[MATERIALS PROVIDED]
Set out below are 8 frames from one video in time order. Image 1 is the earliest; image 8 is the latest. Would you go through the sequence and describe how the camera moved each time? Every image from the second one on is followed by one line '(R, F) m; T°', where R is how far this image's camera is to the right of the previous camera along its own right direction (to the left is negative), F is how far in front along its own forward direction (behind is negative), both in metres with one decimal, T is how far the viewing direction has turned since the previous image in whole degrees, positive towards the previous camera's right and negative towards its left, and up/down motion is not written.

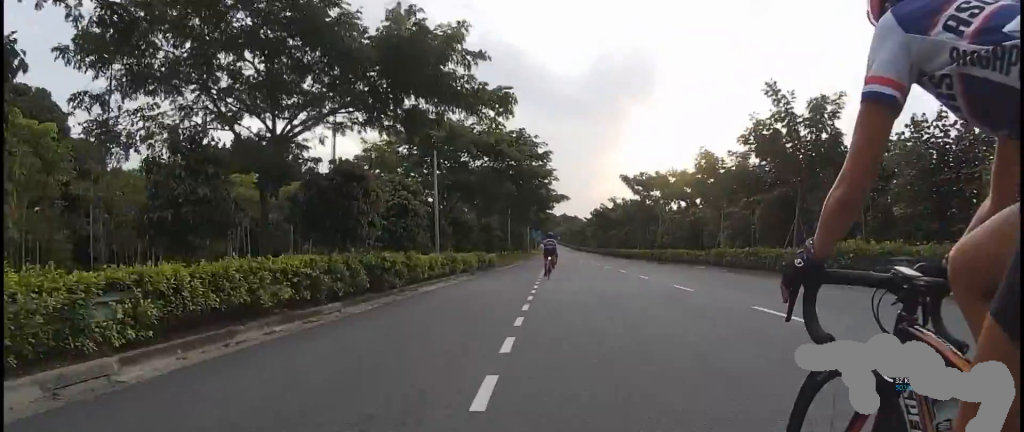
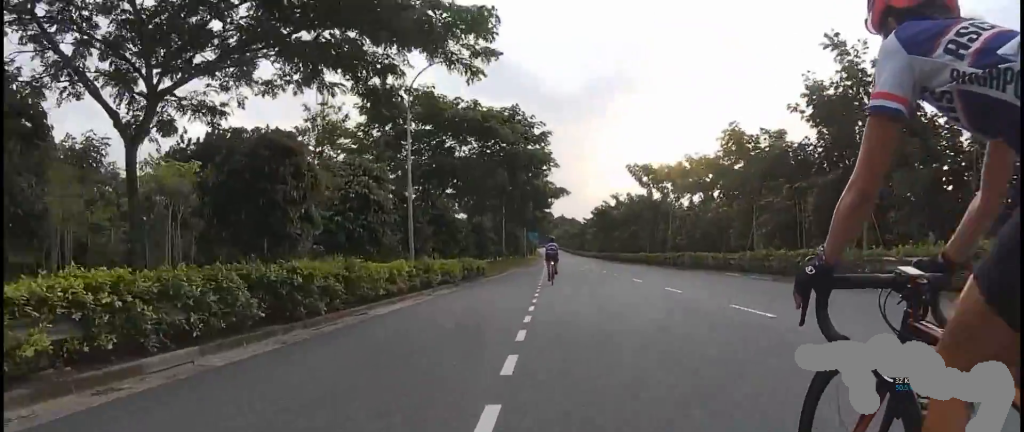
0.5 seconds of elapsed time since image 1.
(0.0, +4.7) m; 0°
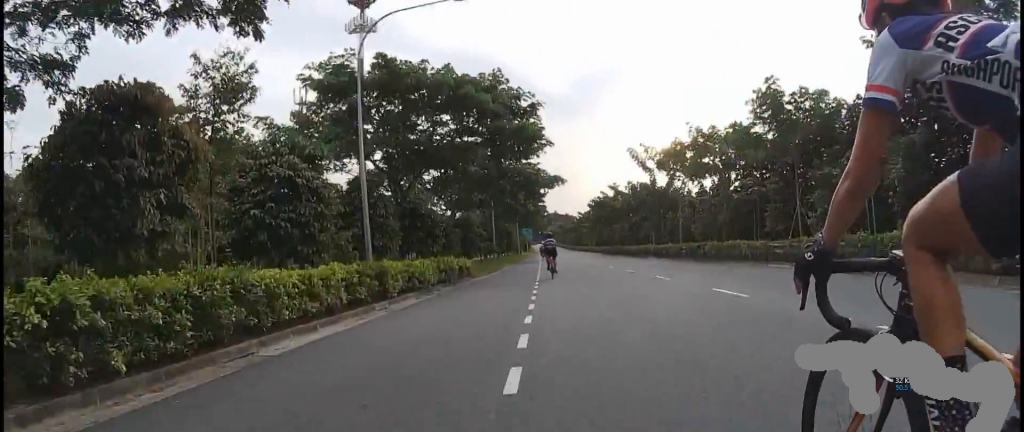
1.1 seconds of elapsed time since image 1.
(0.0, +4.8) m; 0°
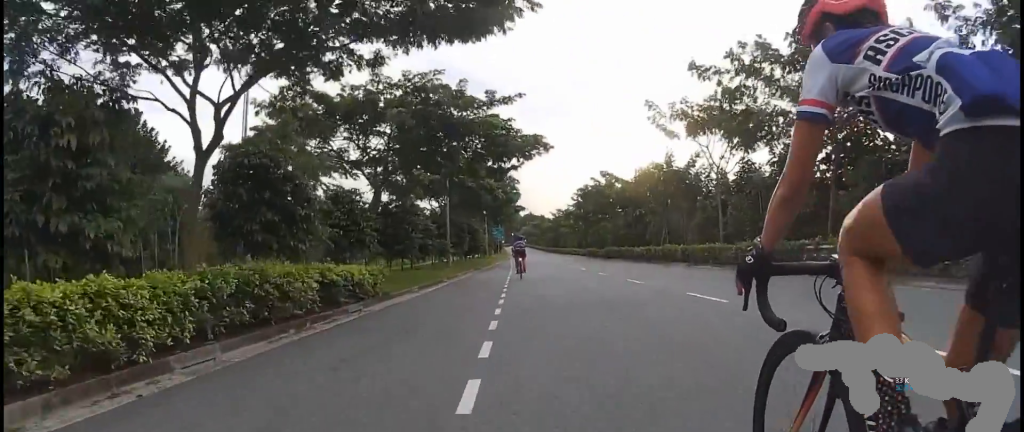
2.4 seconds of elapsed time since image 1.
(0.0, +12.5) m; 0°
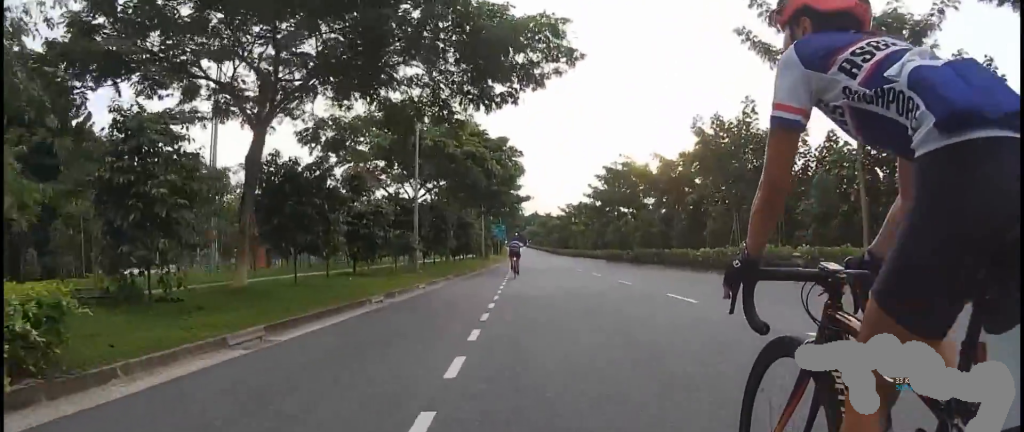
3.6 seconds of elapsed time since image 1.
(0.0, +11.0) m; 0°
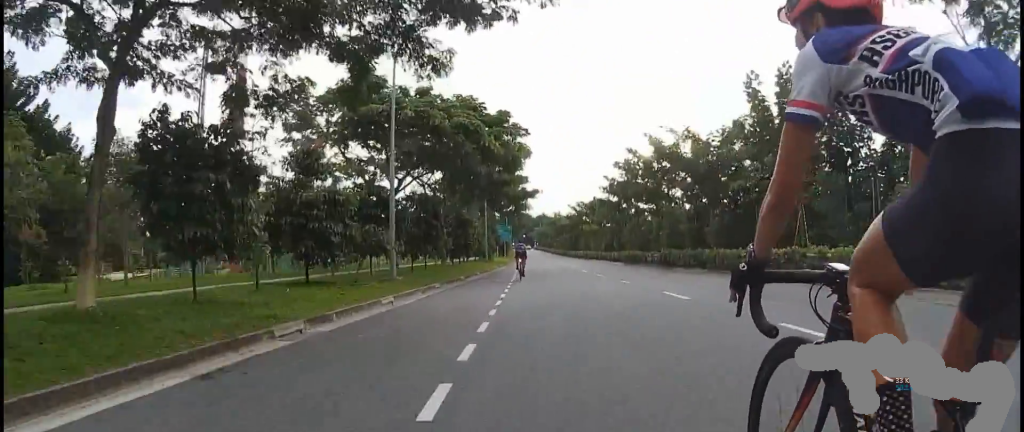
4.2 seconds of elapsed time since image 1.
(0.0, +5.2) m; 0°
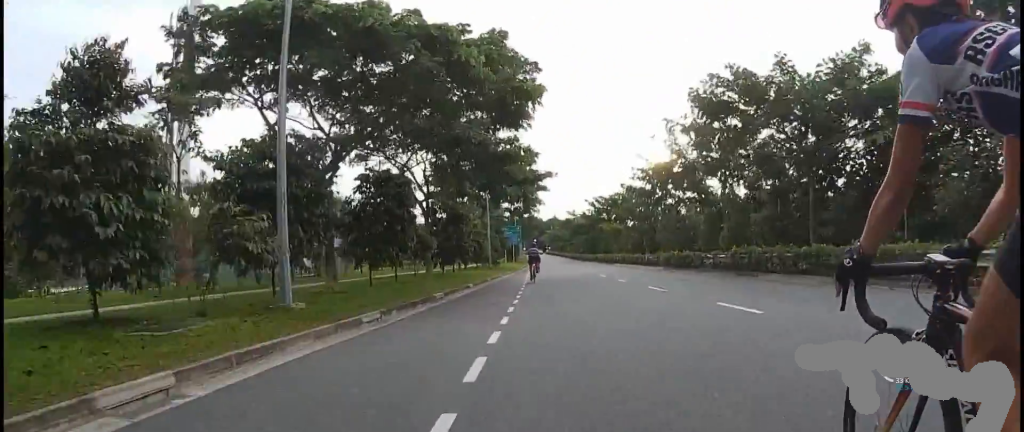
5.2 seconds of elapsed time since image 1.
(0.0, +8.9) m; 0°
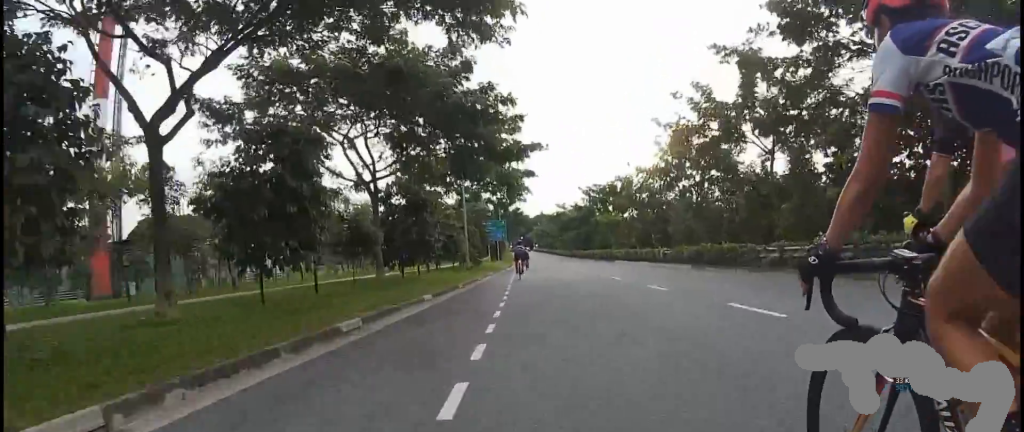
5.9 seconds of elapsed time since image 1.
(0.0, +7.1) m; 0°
[/MATERIALS PROVIDED]
_REQUIRED WORK_
Once the pictures are set aside, output all of the data above verbatim.

_ANSWER BOX_
Set out below are 8 frames from one video in time order. Image 1 is the earliest; image 8 is the latest. Would you go through the sequence and describe how the camera moved each time? Every image from the second one on is followed by one line '(R, F) m; T°', where R is how far this image's camera is to the right of the previous camera along its own right direction (to the left is negative), F is how far in front along its own forward direction (behind is negative), both in metres with one decimal, T is how far the viewing direction has turned since the previous image in whole degrees, positive towards the previous camera's right and negative towards its left, and up/down motion is not written.

0.5 seconds of elapsed time since image 1.
(0.0, +4.7) m; 0°
1.1 seconds of elapsed time since image 1.
(0.0, +4.8) m; 0°
2.4 seconds of elapsed time since image 1.
(0.0, +12.5) m; 0°
3.6 seconds of elapsed time since image 1.
(0.0, +11.0) m; 0°
4.2 seconds of elapsed time since image 1.
(0.0, +5.2) m; 0°
5.2 seconds of elapsed time since image 1.
(0.0, +8.9) m; 0°
5.9 seconds of elapsed time since image 1.
(0.0, +7.1) m; 0°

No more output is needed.